Fill in the blanks:
$(a)$ $A$ load of $3 \, kg$ is suspended from a rope of $6 \, kg$. The tension at the top end of the rope is ...........
$(b)$ The effect produced by a force $F$ acting for a time $\Delta t$ is the same as that produced by a force $2F$ acting for a time ...........
$(c)$ Friction ........... due to excessive ironing.

(N/A) The total mass supported at the top end is the sum of the load mass and the rope mass: $M = 3 \, kg + 6 \, kg = 9 \, kg$. The tension $T$ at the top is $T = Mg = 9 \times 9.8 = 88.2 \, N$ (or simply $9g \, N$).

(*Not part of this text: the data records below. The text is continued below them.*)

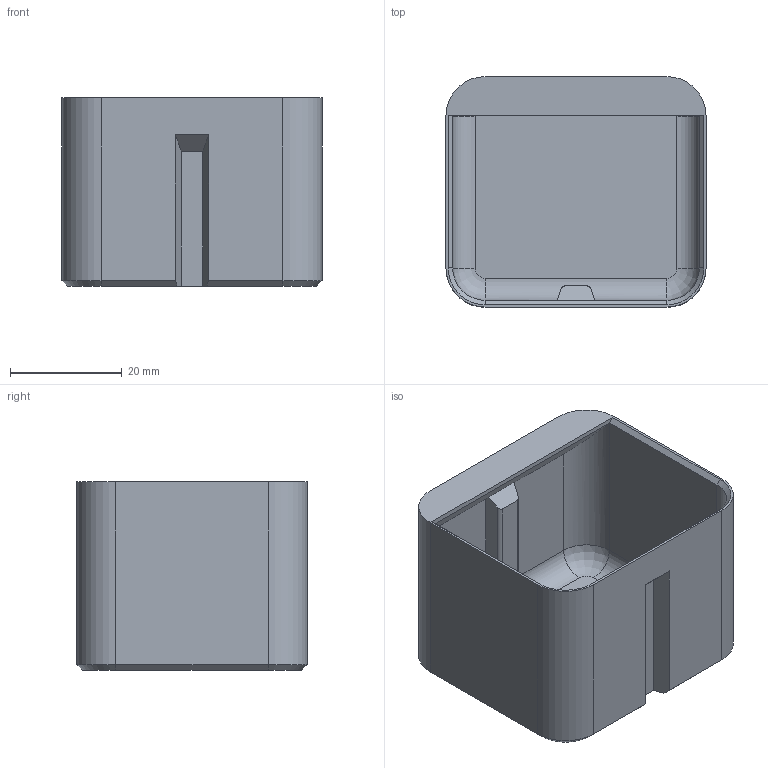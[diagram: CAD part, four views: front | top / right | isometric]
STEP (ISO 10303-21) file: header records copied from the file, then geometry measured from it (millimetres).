
FILE_DESCRIPTION(('Open CASCADE Model'),'2;1');
FILE_NAME('Open CASCADE Shape Model','0000-00-00T00:00:00',('Author'),( 'Open CASCADE'),'Open CASCADE STEP processor 7.7','Open CASCADE 7.7' ,'Unknown');
FILE_SCHEMA(('AUTOMOTIVE_DESIGN { 1 0 10303 214 1 1 1 1 }'));
Length unit declared in the file: millimetre
Products named in the file (1): Someline-36-U2
Bounding box: 46.5 x 41.2 x 33.7 mm (x, y, z)
Volume: 9483.1 mm3; surface area: 14595.2 mm2
Topology: 1 solids, 1 shells, 67 faces, 168 edges, 104 vertices
Faces by surface type: plane 41, cylinder 16, cone 6, revolution 4
Entity records: 4331 total; most frequent: CARTESIAN_POINT 1054, DIRECTION 572, LINE 342, VECTOR 342, ORIENTED_EDGE 336, PCURVE 336, DEFINITIONAL_REPRESENTATION 336, EDGE_CURVE 168
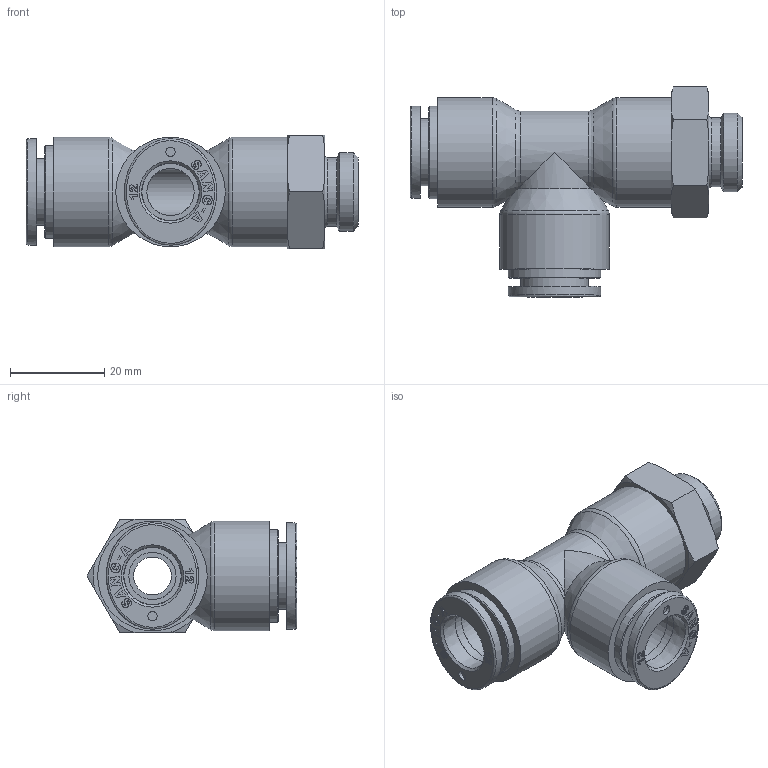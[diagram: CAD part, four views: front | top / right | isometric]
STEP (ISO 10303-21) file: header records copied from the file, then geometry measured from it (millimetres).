
FILE_DESCRIPTION((''),'2;1');
FILE_NAME('CR-PST 12G03.stp','2020-08-25T14:52:26',('user'),(''),'Autodesk Inventor 2013','Autodesk Inventor 2013','');
FILE_SCHEMA(('AUTOMOTIVE_DESIGN { 1 0 10303 214 1 1 1 1 }'));
Length unit declared in the file: millimetre
Products named in the file (6): 조립품12; CR-COLLAR 12; HR-Collar 12L(SUS); CR-SLEEVE 12; CR-PUT 12 BODY; HR-PL BODY 12G03
Assembly tree (6 placements, depth 3):
  조립품12
    CR-COLLAR 12  x2
      HR-Collar 12L(SUS)
      CR-SLEEVE 12
    CR-PUT 12 BODY
    HR-PL BODY 12G03
Bounding box: 70.3 x 44.46 x 24 mm (x, y, z)
Volume: 22828.2 mm3; surface area: 12985.1 mm2
Topology: 6 solids, 6 shells, 761 faces, 2155 edges, 1435 vertices
Faces by surface type: plane 692, cylinder 32, cone 26, bspline 6, torus 5
Full cylindrical faces by diameter (mm): 2 x2, 8 x1, 10 x2, 12.18 x2, 12.2 x3, 14.2 x2, 14.6 x1, 16.662 x1, 19.6 x2, 23.2 x3
Entity records: 13089 total; most frequent: CARTESIAN_POINT 2566, ORIENTED_EDGE 2210, DIRECTION 1982, EDGE_CURVE 1105, VECTOR 990, LINE 990, VERTEX_POINT 752, AXIS2_PLACEMENT_3D 496

$(b)$ The impulse-momentum theorem states that the change in momentum is equal to the impulse,$J = F \Delta t$. For the same effect (same impulse),$F_1 \Delta t_1 = F_2 \Delta t_2$. Given $F_1 = F$,$\Delta t_1 = \Delta t$,and $F_2 = 2F$,we have $F \Delta t = 2F \times \Delta t_2$,which gives $\Delta t_2 = \frac{\Delta t}{2}$.
$(c)$ Excessive ironing increases the surface roughness or creates microscopic welds between surfaces,which increases friction.